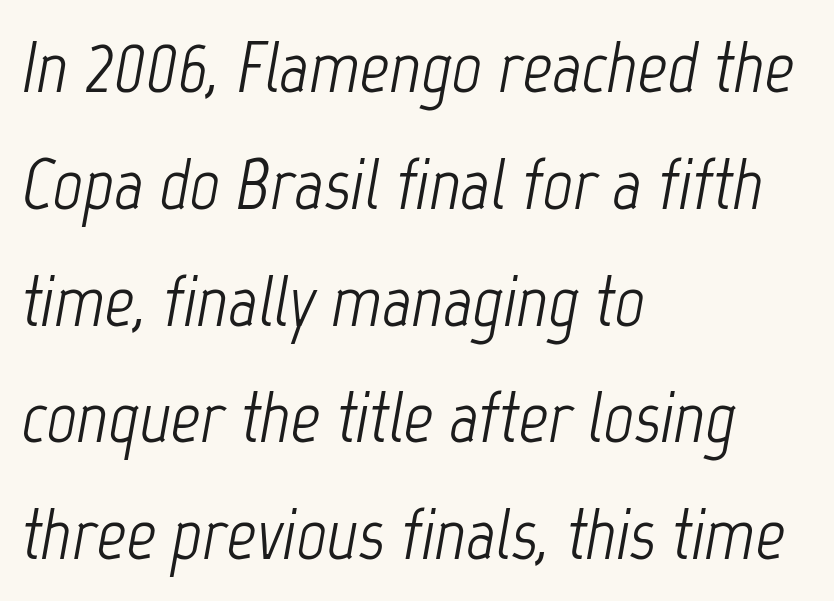
{"italic": "yes", "lean": "right", "slant_degrees": 12, "bold": "no", "weight": "light", "width": "condensed", "stroke_contrast": "low", "x_height": "medium", "monospaced": "no", "underline": "no", "align": "left", "line_spacing": "normal", "line_spacing_ratio": 1.6, "letter_spacing": "normal", "letter_spacing_em": 0.0, "glyph_px": 73}
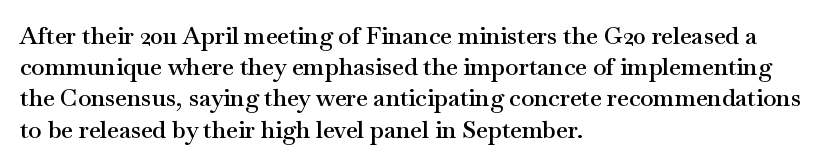
Students, this is semibold: more ink than regular, less than bold. Letter spacing: default. Any mark beneath the type? The region is blank. Rows of type keep a routine distance in the vertical direction. These lines are set flush left with a ragged right edge. Posture: straight, roman, zero tilt.
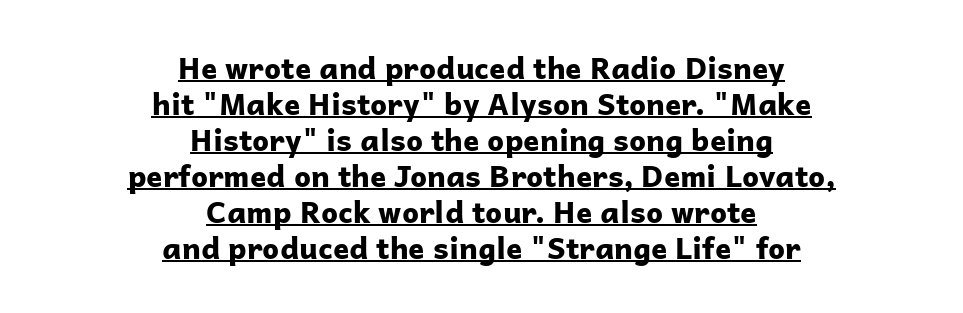
Compared with an ordinary text face, these strokes are far heavier — a full bold. Is there any slant? The stems are plumb. Words appear dense and cohesive because spacing is normal. The passage shown is typeset with a sans-serif family. Character widths vary here, with narrow letters taking less room than wide ones. A rule runs beneath these lines of type.
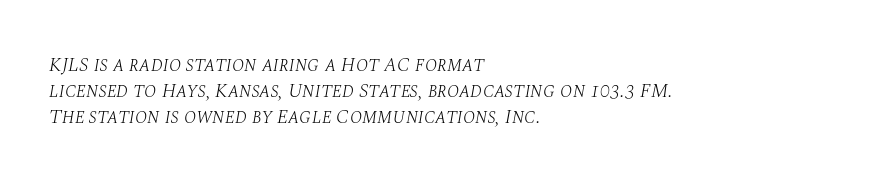
Q: Is the text bold? A: No.
Q: Is the text italic (slanted)? A: Yes, it leans right by about 10 degrees.
Q: Is the text underlined? A: No.
Q: How is the paragraph aligned? A: Left-aligned.
Q: Is the spacing between letters normal or unusually wide? A: Normal.
Q: Is the spacing between lines tight, normal or loose? A: Normal.
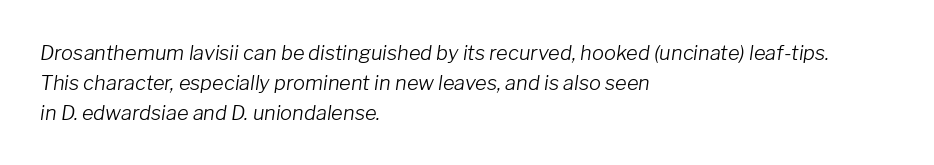
Is the block centered? No — it sits flush against the left margin. These glyphs show unthickened strokes, regular width or finer. In terms of letterspacing, this is plain default setting. The foot of each line stays bare and open. The designer left line spacing at the default.
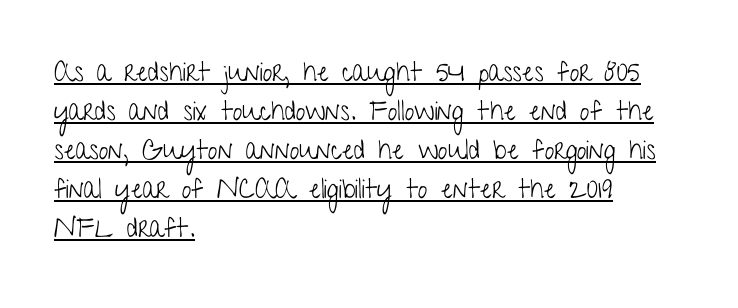
{"italic": "no", "bold": "no", "underline": "yes", "align": "left", "line_spacing": "normal", "line_spacing_ratio": 1.44, "letter_spacing": "normal", "letter_spacing_em": 0.0, "glyph_px": 27}
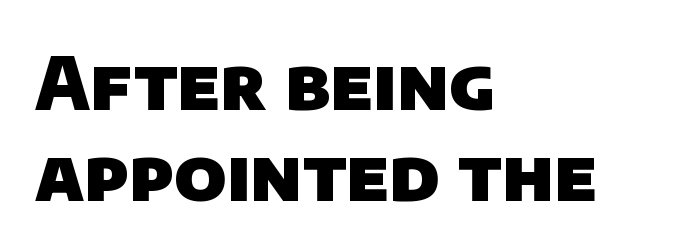
This rendering leaves character spacing at its baseline value. Spacing verdict: proportional, widths tailored to each character. Is the block centered? No — it sits flush against the left margin. What kind of face is this? One without serifs — a sans.
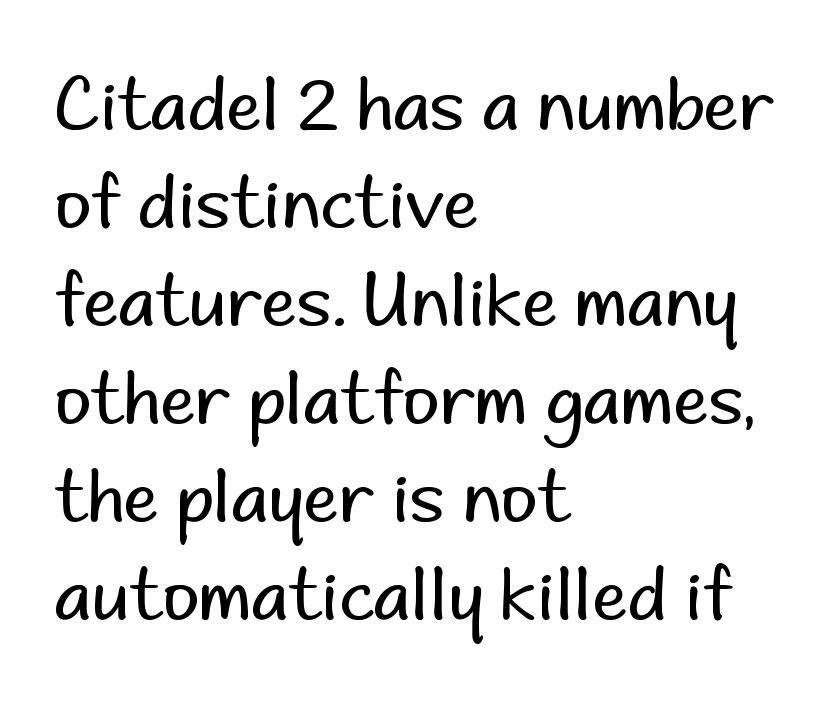
Q: Is the text bold? A: No.
Q: Is the text italic (slanted)? A: No, it is upright.
Q: Is the typeface a serif or a sans-serif typeface? A: Sans-serif.
Q: Is the text underlined? A: No.
Q: How is the paragraph aligned? A: Left-aligned.
Q: Is the spacing between letters normal or unusually wide? A: Normal.
Q: Is the spacing between lines tight, normal or loose? A: Normal.
Q: Width (condensed, normal, or wide)? A: Normal.
Q: Stroke contrast? A: Low.
Q: x-height? A: Small.
Q: Monospaced? A: No.
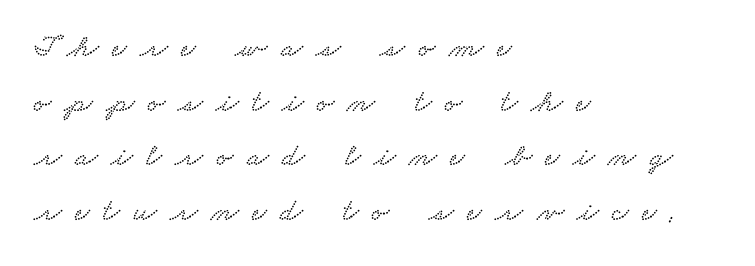
Q: Is the typeface a serif or a sans-serif typeface? A: Serif.
Q: Is the text underlined? A: No.
Q: How is the paragraph aligned? A: Left-aligned.
Q: Is the spacing between letters normal or unusually wide? A: Unusually wide.
Q: Width (condensed, normal, or wide)? A: Wide.
Q: Stroke contrast? A: Low.
Q: x-height? A: Small.
Q: Monospaced? A: No.
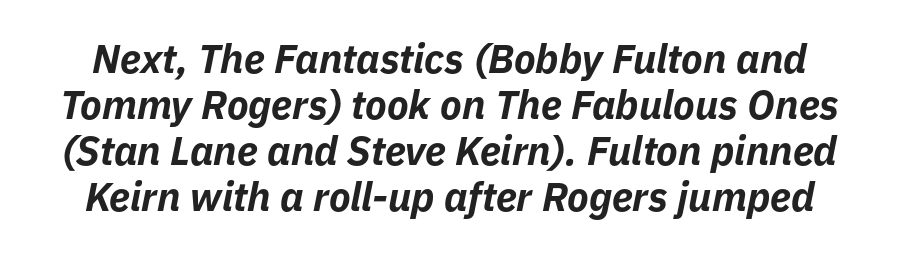
The image shows 40 px bold type, italic (leaning right); set tight line spacing (1.15x), normal letter spacing, not underlined; low stroke contrast and a medium x-height.
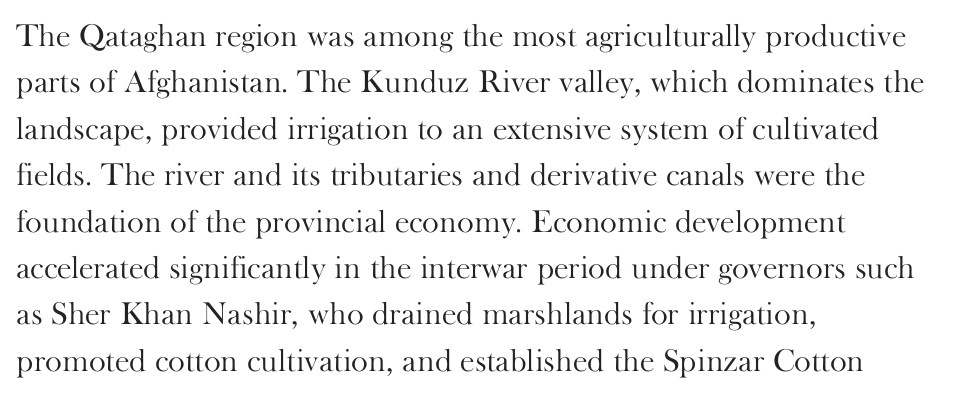
The image shows 32 px light serif type, upright; set left-aligned, normal line spacing (1.45x), normal letter spacing, not underlined; high stroke contrast and a small x-height.
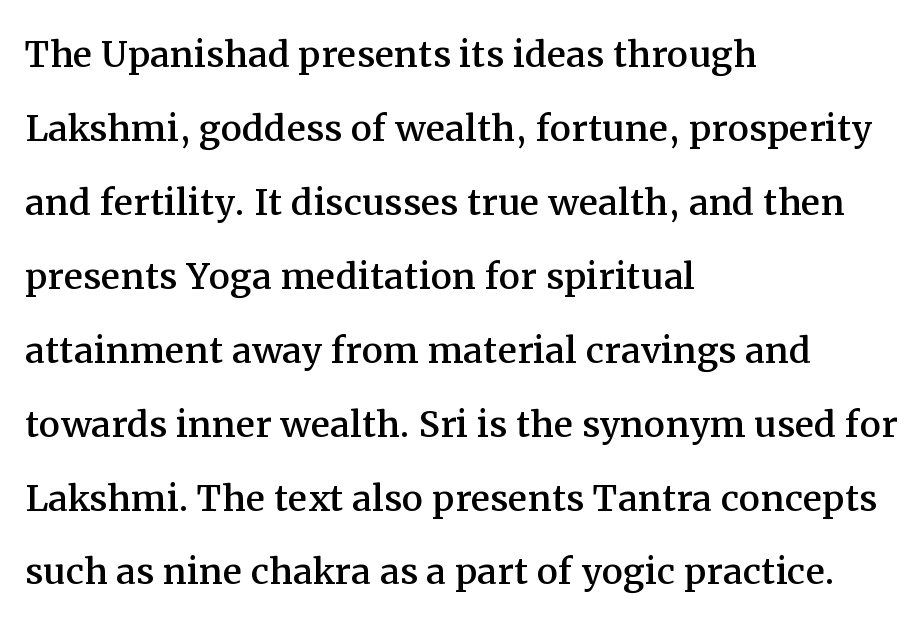
{"serif": "yes", "italic": "no", "width": "normal", "stroke_contrast": "medium", "x_height": "medium", "monospaced": "no", "underline": "no", "align": "left", "line_spacing": "normal", "line_spacing_ratio": 1.54, "letter_spacing": "normal", "letter_spacing_em": 0.0, "glyph_px": 48}
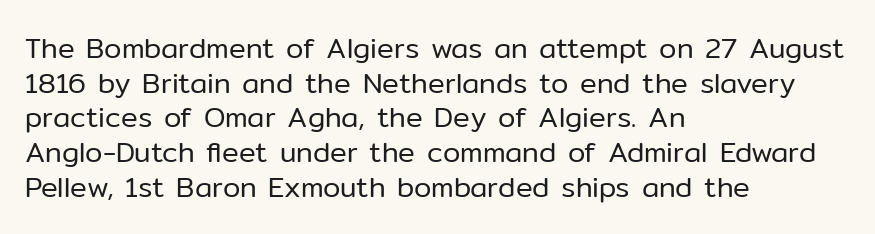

### Task details:
In the entries above, find the line containing "Q: Is the text italic (slanted)? A: Yes, it" and the line containing "at the default.", then copy both and every line between them exactly, without any picture.

### Your response:
Q: Is the text italic (slanted)? A: Yes, it leans right by about 10 degrees.
Q: Is the text underlined? A: No.
Q: How is the paragraph aligned? A: Left-aligned.
Q: Is the spacing between letters normal or unusually wide? A: Normal.
Q: Is the spacing between lines tight, normal or loose? A: Normal.
Is the block centered? No — it sits flush against the left margin. These glyphs show unthickened strokes, regular width or finer. In terms of letterspacing, this is plain default setting. The foot of each line stays bare and open. The designer left line spacing at the default.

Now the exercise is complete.